Secondary Teacher, Music and Design & Technology

“I am not a very creative person”, is something I often hear as a Music and Design & Technology teacher. You may have said this yourself. Maybe you believe that you are not able to complete tasks that rely on creativity. I’ve been investigating the legitimacy of this claim; is it possible that a human being created in the image of God is not creative, as God is creative?
In my Design & Technology class, students have shown that their ability to apply their own creativity in design has improved through practice and research. In class, students often undertake lateral thinking challenges in order to develop their ability to solve problems creatively. Students have confronted many circumstantial and personal challenges which impact their ability to design a project. Many have shown that they are learning to apply their creativity to these challenges and that these opportunities can actually benefit their designs.
One particular student found that financial challenges would impact his ability to redesign and renovate a room in his home. In response, he used his God-given creativity. Instead of physically redesigning the room, he decided to create an accurate 3D prototype. This has allowed him to model a much wider variety of materials and design ideas which he can physically apply later, when circumstances permit.
Time and time again, people have shown an incredible ability to utilise creativity, particularly in times of adversity, where creativity is necessary for survival. During wartime, people utilised their creativity in order to improve their chances in war, resulting in inventions such as microwave ovens, the internet, digital photos and canned food. During this COVID period, medical advances which would have taken many years, have only needed weeks to create, due to the pressure arising from adversity.
It may be that we do not lack creativity, we just don’t practice it because we think that our circumstances don’t require that kind of problem-solving. The reality is that we face issues every day and although God made us to be creative beings, we often choose not to utilise our creativity because it’s easy to get solutions with a click on google search, rather than exercising our creative muscles to solve these issues ourselves.

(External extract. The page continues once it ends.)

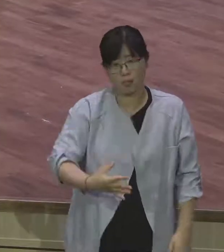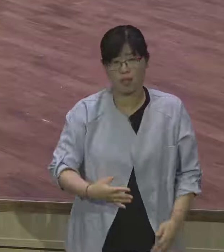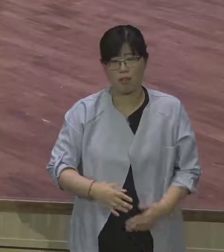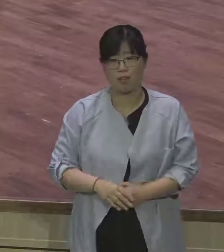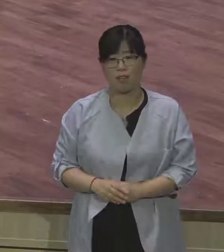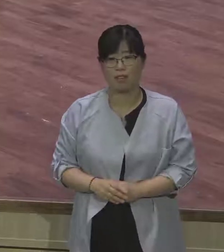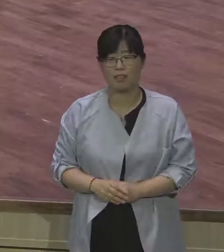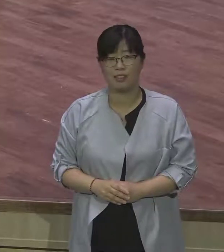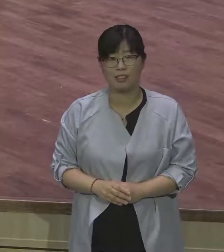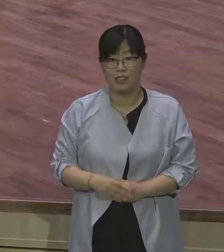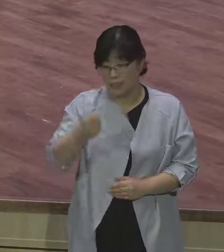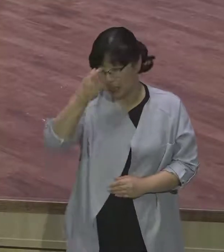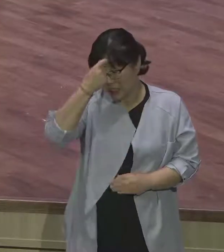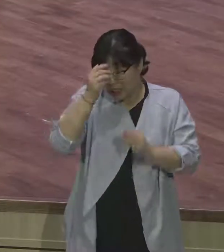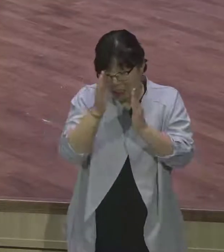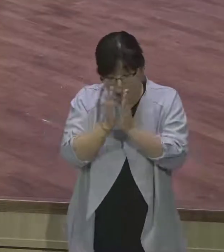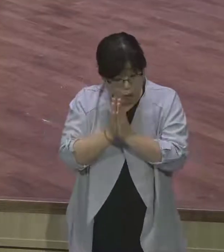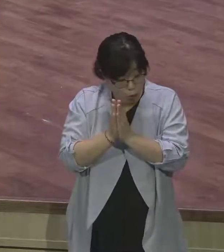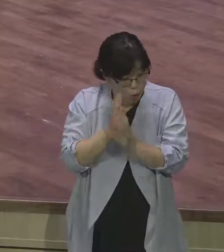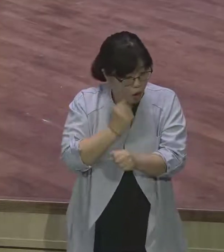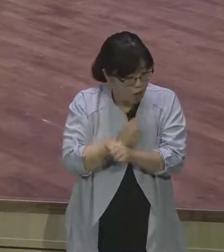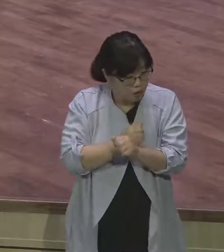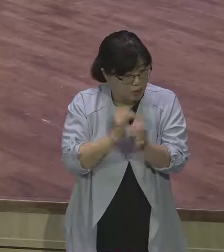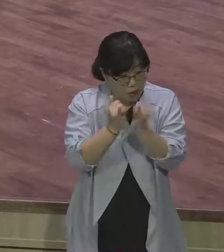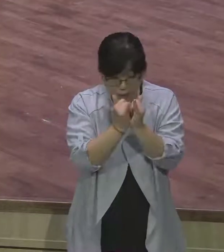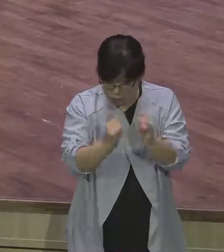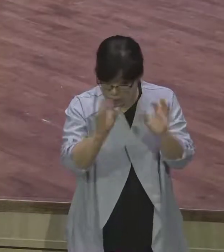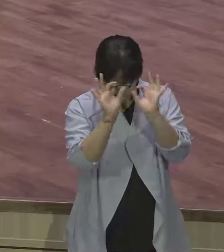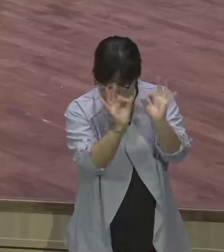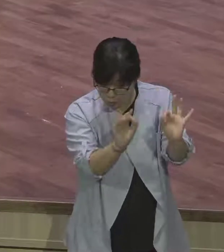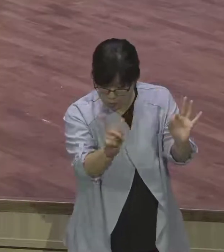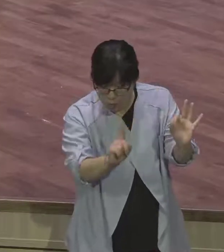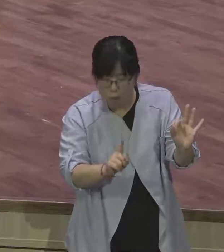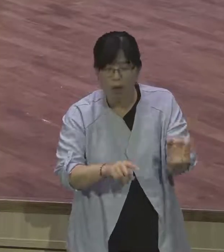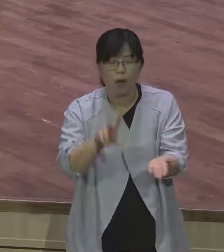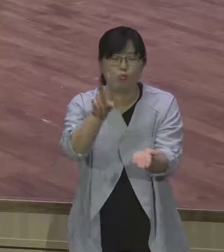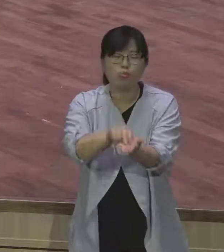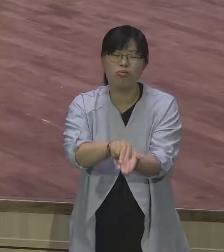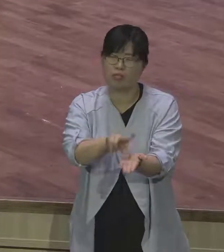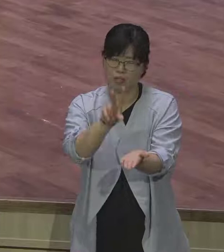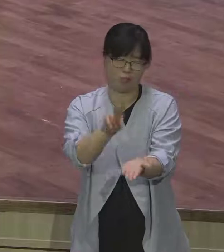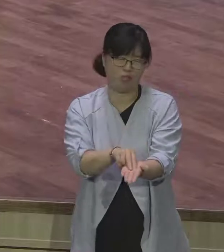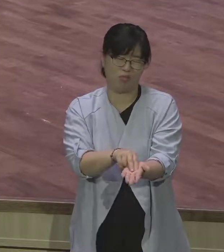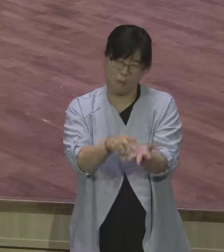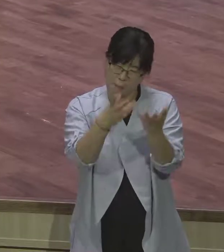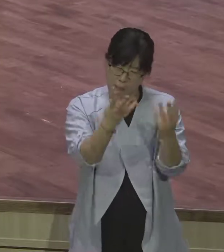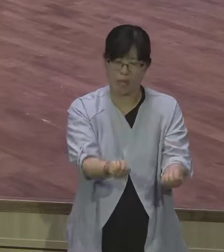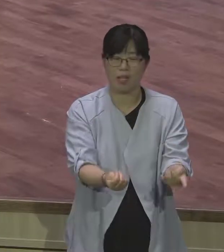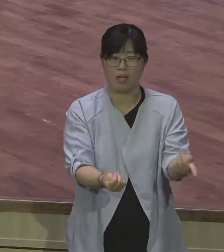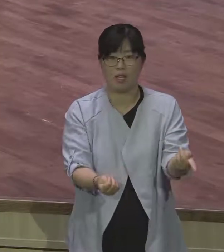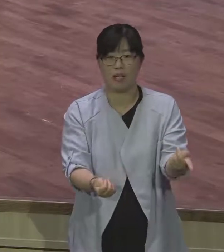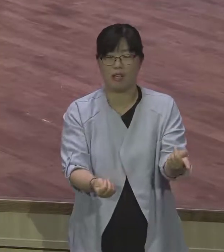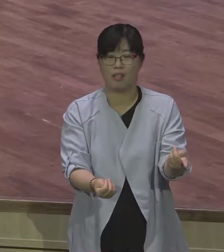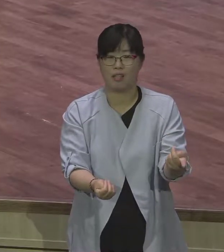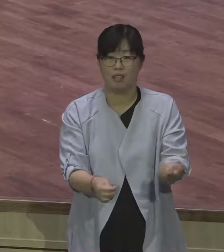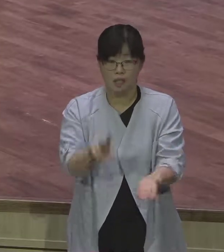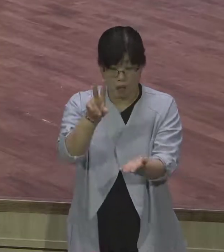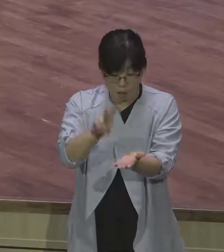당할 때, 힘든 일이 왔을 때 그때 비로소 연단이 왔을 때 변화되기 시작하죠.

I hope and pray that you would all be encouraged to use your creative muscles; take things apart, put things together, work things out yourself, create art, write songs, write poems, build things. This is such a vital part of our identity in God and can be such a service to others. God is creative, and so are you.
He has filled them with skill to do all kinds of work as engravers, designers, embroiderers in blue, purple and scarlet yarn and fine linen, and weavers—all of them skilled workers and designers.